In some embodiments, the layer comprising the additive may comprise the surface of the body. In such embodiments the layer may form the surface of the body. The layer may comprise a co-extruded layer which is melded with or is physically entangled with the body, and this may form an integral layer. The layer of additive may be integrally formed with the body.
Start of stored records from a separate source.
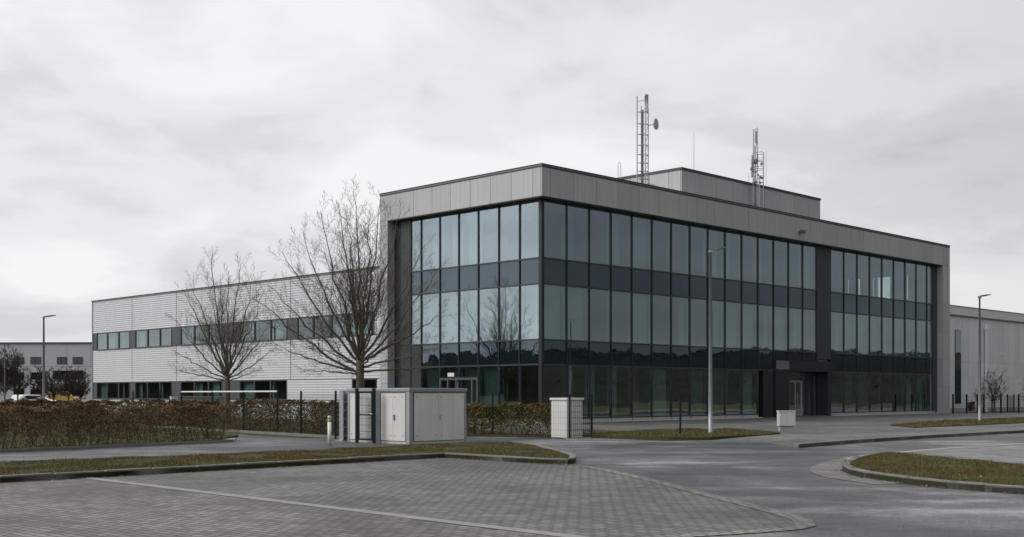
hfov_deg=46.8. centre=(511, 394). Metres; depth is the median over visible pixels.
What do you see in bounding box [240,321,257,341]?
window
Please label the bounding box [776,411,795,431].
utility box
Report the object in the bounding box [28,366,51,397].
bare tree
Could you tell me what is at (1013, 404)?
fence
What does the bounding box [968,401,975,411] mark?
shrub
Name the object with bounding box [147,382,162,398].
window
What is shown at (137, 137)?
sky
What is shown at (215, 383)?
window
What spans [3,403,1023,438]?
ground
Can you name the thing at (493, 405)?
fence
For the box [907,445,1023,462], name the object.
concrete pad
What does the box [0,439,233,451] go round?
bed kerb
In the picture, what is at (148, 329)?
window
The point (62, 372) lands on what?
window
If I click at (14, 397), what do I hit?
parked car
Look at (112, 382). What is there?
window
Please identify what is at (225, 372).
bare tree
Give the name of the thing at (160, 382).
window
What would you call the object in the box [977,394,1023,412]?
fence
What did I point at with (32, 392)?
window
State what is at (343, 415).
galvanised gate post
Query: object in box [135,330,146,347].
window
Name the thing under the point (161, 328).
window
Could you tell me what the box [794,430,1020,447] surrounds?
road kerb
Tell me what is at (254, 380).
window
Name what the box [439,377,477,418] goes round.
side door
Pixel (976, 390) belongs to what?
bare tree
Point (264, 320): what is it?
window
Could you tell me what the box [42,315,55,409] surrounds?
street lamp
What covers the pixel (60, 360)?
window
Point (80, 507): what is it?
parking paving
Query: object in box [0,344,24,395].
bare tree
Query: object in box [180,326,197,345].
window
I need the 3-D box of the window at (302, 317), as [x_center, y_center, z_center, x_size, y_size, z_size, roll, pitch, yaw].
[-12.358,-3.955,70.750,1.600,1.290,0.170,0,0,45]
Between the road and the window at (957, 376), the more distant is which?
the window at (957, 376)
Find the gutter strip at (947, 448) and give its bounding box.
[846,443,1023,458]
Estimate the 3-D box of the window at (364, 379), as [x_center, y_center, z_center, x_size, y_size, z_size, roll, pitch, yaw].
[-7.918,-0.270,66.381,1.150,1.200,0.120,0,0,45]
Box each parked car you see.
[11,395,36,406]
[19,395,59,404]
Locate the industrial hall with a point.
(1002, 341)
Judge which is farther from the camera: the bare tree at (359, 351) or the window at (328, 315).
the window at (328, 315)
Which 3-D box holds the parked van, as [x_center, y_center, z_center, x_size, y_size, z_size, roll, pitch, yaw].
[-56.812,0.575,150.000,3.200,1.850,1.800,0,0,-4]
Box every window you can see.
[30,357,40,363]
[30,372,45,378]
[30,389,39,394]
[53,370,83,378]
[57,357,66,363]
[73,357,82,363]
[96,333,109,350]
[97,383,106,398]
[107,332,117,349]
[107,382,117,398]
[118,331,130,348]
[118,382,129,398]
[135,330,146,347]
[135,382,146,398]
[147,329,159,347]
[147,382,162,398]
[160,328,171,346]
[160,382,171,398]
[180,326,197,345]
[181,381,197,395]
[194,325,206,344]
[194,381,207,395]
[208,381,221,395]
[239,380,253,399]
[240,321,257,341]
[254,320,273,341]
[254,380,273,399]
[270,319,287,340]
[270,380,286,399]
[297,317,312,338]
[313,315,330,337]
[331,314,348,336]
[349,314,358,335]
[361,314,372,334]
[364,379,376,387]
[954,330,960,403]
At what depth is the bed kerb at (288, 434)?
43.73 m
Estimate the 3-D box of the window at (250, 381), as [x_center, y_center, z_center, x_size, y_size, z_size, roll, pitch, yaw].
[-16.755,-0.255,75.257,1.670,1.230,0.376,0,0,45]
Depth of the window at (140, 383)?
85.43 m
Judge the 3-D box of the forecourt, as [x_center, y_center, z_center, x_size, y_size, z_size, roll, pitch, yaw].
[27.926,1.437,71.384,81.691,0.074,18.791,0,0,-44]
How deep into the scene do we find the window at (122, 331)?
87.20 m
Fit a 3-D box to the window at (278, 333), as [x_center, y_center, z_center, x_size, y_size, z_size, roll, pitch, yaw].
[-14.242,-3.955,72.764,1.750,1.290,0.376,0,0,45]
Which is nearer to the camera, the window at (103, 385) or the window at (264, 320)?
the window at (264, 320)
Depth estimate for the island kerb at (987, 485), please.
19.41 m
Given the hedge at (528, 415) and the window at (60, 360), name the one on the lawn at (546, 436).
the hedge at (528, 415)
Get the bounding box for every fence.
[132,391,348,438]
[467,394,592,437]
[952,394,1023,413]
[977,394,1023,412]
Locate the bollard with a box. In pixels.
[327,416,331,445]
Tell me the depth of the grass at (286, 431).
49.84 m
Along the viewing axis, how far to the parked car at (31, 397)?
127.15 m
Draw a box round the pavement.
[563,423,1023,443]
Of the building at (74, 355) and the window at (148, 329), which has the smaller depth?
the window at (148, 329)
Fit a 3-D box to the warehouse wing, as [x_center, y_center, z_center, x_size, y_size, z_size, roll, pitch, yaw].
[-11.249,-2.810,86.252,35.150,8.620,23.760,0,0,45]
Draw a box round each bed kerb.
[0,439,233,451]
[130,424,338,438]
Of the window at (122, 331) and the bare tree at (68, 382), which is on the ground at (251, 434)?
the bare tree at (68, 382)
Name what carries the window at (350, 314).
in the warehouse wing
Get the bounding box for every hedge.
[0,397,219,425]
[0,401,246,448]
[226,397,303,431]
[290,399,338,433]
[466,401,550,435]
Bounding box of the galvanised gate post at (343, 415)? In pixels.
[335,390,347,440]
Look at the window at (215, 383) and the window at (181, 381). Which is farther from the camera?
the window at (181, 381)
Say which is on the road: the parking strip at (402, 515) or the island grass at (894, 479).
the island grass at (894, 479)
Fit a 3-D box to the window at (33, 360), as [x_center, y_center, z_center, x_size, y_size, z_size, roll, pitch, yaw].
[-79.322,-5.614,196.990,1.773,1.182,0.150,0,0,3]
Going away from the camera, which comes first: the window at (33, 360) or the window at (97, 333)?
the window at (97, 333)
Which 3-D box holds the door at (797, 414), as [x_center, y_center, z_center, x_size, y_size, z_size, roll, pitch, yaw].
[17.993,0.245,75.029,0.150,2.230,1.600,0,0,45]
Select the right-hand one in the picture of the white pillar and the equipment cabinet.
the white pillar
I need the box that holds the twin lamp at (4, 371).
[1,342,7,399]
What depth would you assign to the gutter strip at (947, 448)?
32.38 m
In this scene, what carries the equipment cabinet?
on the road
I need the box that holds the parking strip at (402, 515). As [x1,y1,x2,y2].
[85,477,587,536]
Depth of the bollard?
34.43 m
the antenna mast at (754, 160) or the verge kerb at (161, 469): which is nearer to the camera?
the verge kerb at (161, 469)
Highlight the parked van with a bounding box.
[49,391,77,404]
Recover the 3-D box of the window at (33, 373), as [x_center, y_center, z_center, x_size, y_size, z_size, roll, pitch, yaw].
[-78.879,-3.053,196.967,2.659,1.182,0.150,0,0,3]
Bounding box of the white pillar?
[550,398,583,437]
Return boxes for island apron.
[810,456,898,483]
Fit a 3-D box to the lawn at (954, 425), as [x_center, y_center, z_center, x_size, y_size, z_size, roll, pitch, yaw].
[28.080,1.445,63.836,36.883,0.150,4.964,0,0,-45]
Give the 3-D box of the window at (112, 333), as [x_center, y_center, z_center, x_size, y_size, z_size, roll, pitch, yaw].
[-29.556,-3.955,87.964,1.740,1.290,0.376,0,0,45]
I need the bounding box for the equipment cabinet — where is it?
[346,388,467,443]
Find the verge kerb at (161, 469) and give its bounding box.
[0,441,575,482]
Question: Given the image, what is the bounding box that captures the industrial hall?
[950,305,1023,412]
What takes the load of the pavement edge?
on the road
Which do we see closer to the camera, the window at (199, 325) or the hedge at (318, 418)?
the hedge at (318, 418)
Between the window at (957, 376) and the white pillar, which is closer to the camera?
the white pillar
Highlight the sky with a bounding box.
[0,0,1023,341]
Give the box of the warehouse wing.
[91,266,379,419]
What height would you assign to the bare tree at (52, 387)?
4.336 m
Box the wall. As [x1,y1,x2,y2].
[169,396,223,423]
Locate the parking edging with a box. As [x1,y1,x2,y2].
[581,466,815,536]
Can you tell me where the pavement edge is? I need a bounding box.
[587,430,1023,447]
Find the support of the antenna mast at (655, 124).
on the office building at (561, 282)
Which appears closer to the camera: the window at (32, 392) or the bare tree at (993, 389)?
the bare tree at (993, 389)
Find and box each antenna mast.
[637,94,658,183]
[750,128,763,207]
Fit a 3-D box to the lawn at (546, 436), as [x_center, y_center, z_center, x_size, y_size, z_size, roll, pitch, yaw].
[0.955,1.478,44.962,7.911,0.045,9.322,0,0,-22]
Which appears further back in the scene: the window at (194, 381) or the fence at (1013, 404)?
the fence at (1013, 404)
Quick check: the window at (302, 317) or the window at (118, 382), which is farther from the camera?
the window at (118, 382)
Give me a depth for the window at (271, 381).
73.29 m
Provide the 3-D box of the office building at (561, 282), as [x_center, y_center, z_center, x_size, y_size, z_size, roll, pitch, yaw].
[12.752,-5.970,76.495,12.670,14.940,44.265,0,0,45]
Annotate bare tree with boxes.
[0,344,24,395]
[9,353,33,400]
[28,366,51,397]
[39,368,64,401]
[55,366,83,404]
[71,368,90,399]
[165,247,282,422]
[246,174,455,387]
[971,386,987,404]
[981,368,1008,412]
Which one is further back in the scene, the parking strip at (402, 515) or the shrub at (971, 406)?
the shrub at (971, 406)
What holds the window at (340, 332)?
in the warehouse wing
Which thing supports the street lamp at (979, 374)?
on the lawn at (954, 425)
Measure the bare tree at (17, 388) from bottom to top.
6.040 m
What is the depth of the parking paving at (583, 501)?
17.60 m
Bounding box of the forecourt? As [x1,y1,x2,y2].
[469,413,1023,437]
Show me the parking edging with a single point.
(800, 522)
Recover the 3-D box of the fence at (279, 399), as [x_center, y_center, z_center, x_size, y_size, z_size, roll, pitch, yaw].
[-11.348,0.684,47.618,0.835,1.632,21.793,0,0,-36]
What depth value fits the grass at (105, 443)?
38.34 m
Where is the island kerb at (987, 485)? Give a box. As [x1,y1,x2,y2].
[842,452,1023,493]
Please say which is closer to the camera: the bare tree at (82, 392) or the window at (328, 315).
the window at (328, 315)
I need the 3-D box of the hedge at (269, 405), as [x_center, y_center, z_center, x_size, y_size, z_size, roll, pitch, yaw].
[-10.198,0.805,47.505,1.536,1.407,5.407,0,0,-38]
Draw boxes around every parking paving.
[0,478,558,536]
[96,458,793,536]
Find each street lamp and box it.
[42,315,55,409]
[708,246,726,433]
[978,294,990,420]
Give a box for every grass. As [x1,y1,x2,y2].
[0,423,235,448]
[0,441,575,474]
[0,442,575,482]
[175,421,338,435]
[842,454,1023,493]
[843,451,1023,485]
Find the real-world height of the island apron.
0.001 m
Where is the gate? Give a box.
[355,388,375,442]
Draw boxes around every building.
[0,342,91,401]
[379,163,950,423]
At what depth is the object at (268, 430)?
48.61 m
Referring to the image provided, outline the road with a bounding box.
[0,433,1023,536]
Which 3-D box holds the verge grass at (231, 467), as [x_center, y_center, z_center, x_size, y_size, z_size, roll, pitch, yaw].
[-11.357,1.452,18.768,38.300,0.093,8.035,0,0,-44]
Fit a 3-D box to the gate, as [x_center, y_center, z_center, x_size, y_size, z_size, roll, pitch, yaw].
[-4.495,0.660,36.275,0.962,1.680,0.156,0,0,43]
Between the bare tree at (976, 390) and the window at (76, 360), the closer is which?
the bare tree at (976, 390)
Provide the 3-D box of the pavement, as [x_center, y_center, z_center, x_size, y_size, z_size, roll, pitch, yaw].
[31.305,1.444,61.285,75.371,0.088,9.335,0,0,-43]
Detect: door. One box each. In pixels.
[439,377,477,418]
[790,380,801,415]
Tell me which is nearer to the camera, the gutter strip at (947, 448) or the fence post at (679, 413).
the gutter strip at (947, 448)
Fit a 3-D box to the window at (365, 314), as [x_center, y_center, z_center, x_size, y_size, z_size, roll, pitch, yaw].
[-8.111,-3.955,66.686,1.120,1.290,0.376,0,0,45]
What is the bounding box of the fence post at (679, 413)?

In some embodiments, polymer diffusion occurs between the layer comprising the additive and the catheter body. The layer and the body may be held together by polymer chains extending across the interface between the layer and body. In some embodiments, the additive infiltrates the catheter body.

In some embodiments, the layer comprising the additive comprises or is on an inner surface of the body, an outer surface of the body, or both. The inner surface of the body may comprise a lumen of the catheter. In preferred embodiments, the layer comprising the additive comprises or is on at least an outer surface of the body.

In some embodiments, the layer comprising the additive is on or comprises at least 50, 55, 60, 65, 70, 75, 80, 85, 90, 95, 96, 97, 98 or at least 99% of the or each surface area of the body, preferably at least 75% or at least 90% of the or each surface area or between 75% and 100% of the or each surface area. In embodiments in which the layer comprising the additive comprises or is on both an inner and outer surface of the body, the additive may comprise at least 50, 55, 60, 65, 70, 75, 80, 85, 90, 95, 96, 97, 98 or at least 99% of each surface area of the body, preferably at least 75% or at least 90% of each surface area or between 75% and 100% of each surface area of both surfaces.